Figure 4 presents global GDP pro-capita, water withdrawals and population, and population of Uganda from 1900 to present.

Water withdrawal is an incorrect measure of water scarcity, as the increasing water consumption is accompanied by the similarly increasing pollution and reduction of fresh water reserves that is not accounted in the graph. Aquifers are shrinking. They are also subjected in coastal areas to salt water intrusion, because of the excessive water withdrawal induced subsidence coupled to thermosteric sea level rise. Pollution is also generally growing.

Population growth inevitably leads to greater water consumption, and reduced water availability. While the rich near the coast can use desalination, albeit at significant energy costs, there are masses of poor people remote from the sea—especially in Africa which is the fastest growing population—where desalination does not help. They have already had many droughts and they will get worse. It is impossible to legislate for rain, and groundwater is rapidly depleted, and polluted. Very likely, most places will run out of water.

Regarding the GDP, it must be added that the International Monetary Fund (IMF)’s Global Debt Database [30] indicates that the debt globally in 2017 has reached an all-time high of $184 trillion, or 225% of GDP. The world’s debt now exceeds $86,000 per capita, which is more than 250% of the average income per-capita. The most indebted economies in the world are the richer ones. The United States, China, and Japan account for more than half of global debt, exceeding their share of global output.

It is therefore questionable to claim that the current economic model is beneficial to the economy, while it is certainly wrong to claim that this model is beneficial to the environment, as the excessive growth of the population and GDP is producing an anything but sustainable consumption, shrinking and pollution of the fresh water resources. Water scarcity driven by the population and economic growth may affect agriculture, which is supposed to use a larger share of land to cope with the increasing food demand, much earlier than the time when the anthropogenic CO₂ emissions will produce significant warmings, well before 2050 in many areas of the world.

7. Conclusions

There is no proof in the data presented in [3] that in the future most of the Earth’s plants might not soak up as much CO₂ as previously expected, while some grasslands might take up more. There is a present trend where land plants have scrubbed about one third of the CO₂ that humans have emitted into the air producing more biomass. However, the results proposed in [3] may not be simply dismissed as either a set-up specifically designed to produce the contrary results, or results that are not reproducible. If the C₃ plants will be less efficient than the C₄ plants in the use of CO₂, as has been suggested by [3], this is a phenomenon to be considered. Reference [3] deserves the credit for having opened a window on a relevant issue, namely that certain effects cannot be measured with short-term experiments, but require multi-year, costly and difficult to manage experiments.

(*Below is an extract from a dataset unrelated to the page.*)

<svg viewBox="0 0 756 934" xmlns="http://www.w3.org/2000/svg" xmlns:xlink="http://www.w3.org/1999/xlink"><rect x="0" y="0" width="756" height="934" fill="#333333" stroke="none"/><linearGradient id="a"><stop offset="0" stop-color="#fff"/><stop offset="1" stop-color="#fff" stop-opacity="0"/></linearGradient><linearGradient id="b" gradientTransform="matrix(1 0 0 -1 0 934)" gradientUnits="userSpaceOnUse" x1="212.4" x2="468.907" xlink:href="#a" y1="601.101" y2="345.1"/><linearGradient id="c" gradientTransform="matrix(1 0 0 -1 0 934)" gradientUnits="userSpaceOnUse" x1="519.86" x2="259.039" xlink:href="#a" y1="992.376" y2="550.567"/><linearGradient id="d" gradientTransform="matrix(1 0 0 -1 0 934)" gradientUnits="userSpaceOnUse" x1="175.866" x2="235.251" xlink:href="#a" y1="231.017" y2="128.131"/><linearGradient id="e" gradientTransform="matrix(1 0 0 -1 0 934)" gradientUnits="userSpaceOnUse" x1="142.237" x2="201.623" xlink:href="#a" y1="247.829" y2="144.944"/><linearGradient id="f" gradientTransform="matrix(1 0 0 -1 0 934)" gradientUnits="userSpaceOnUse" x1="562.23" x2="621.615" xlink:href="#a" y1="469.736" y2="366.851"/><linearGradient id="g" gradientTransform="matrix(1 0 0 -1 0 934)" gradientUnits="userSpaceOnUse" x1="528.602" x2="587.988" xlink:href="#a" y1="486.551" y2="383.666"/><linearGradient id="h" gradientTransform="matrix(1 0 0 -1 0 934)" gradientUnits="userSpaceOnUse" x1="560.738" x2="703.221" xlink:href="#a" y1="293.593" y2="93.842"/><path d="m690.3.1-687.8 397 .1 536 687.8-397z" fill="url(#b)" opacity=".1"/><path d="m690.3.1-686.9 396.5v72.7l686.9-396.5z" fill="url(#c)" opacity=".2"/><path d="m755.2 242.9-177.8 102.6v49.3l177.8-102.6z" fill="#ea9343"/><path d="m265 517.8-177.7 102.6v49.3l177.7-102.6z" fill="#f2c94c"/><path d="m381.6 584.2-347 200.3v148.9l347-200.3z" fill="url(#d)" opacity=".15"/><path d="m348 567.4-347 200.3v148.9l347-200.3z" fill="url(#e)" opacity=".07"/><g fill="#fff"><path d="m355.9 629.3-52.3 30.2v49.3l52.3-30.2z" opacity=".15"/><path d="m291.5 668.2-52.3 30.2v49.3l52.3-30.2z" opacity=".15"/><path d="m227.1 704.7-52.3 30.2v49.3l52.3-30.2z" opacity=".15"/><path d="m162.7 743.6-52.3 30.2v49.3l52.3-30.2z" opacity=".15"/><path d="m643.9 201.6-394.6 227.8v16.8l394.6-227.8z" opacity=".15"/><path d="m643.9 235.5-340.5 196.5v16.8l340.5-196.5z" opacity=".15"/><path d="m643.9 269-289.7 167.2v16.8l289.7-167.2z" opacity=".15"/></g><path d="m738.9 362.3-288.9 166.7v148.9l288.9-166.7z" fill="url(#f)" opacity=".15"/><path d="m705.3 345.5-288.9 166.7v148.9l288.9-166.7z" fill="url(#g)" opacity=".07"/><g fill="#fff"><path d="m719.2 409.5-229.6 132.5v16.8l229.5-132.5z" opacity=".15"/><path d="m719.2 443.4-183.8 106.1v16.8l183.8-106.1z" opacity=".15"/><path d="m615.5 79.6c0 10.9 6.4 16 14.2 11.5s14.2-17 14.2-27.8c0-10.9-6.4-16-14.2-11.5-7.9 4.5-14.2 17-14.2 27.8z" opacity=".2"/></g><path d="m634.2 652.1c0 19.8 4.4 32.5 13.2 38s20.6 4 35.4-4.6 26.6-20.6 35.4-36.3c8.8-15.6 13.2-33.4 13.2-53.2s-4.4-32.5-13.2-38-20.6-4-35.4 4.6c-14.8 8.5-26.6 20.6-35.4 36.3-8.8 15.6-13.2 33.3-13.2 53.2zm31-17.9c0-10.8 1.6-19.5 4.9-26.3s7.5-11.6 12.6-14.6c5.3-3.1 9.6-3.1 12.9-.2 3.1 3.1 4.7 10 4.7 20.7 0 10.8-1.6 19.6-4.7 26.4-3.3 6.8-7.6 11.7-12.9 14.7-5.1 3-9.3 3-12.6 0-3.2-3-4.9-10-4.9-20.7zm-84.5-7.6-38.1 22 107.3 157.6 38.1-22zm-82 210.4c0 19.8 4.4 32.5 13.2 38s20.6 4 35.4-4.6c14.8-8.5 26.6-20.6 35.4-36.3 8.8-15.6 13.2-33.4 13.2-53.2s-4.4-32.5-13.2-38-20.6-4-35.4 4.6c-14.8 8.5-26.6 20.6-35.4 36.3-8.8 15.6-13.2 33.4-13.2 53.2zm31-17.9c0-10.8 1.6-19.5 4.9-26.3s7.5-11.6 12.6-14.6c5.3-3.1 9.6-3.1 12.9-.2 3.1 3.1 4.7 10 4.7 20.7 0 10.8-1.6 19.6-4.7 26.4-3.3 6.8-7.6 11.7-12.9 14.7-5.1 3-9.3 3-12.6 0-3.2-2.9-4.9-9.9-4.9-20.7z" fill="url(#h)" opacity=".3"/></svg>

Many acknowledge that global warming caused by CO₂ emissions will contribute to increasing water stress, that is also driven by the poor management of the fresh water resources and the growth of the population and economy. If an opinion is needed on what will be the worst effect on the survival of the planet between the scarcity of water or the possibly reduced efficiency of C₃ plants to sequester CO₂, obviously, the issue of water is the more incisive. There is certainly the need of a more equilibrate global picture to cope with the many environmental threats we do have, by considering the possible effect of water scarcity on food production as a priority.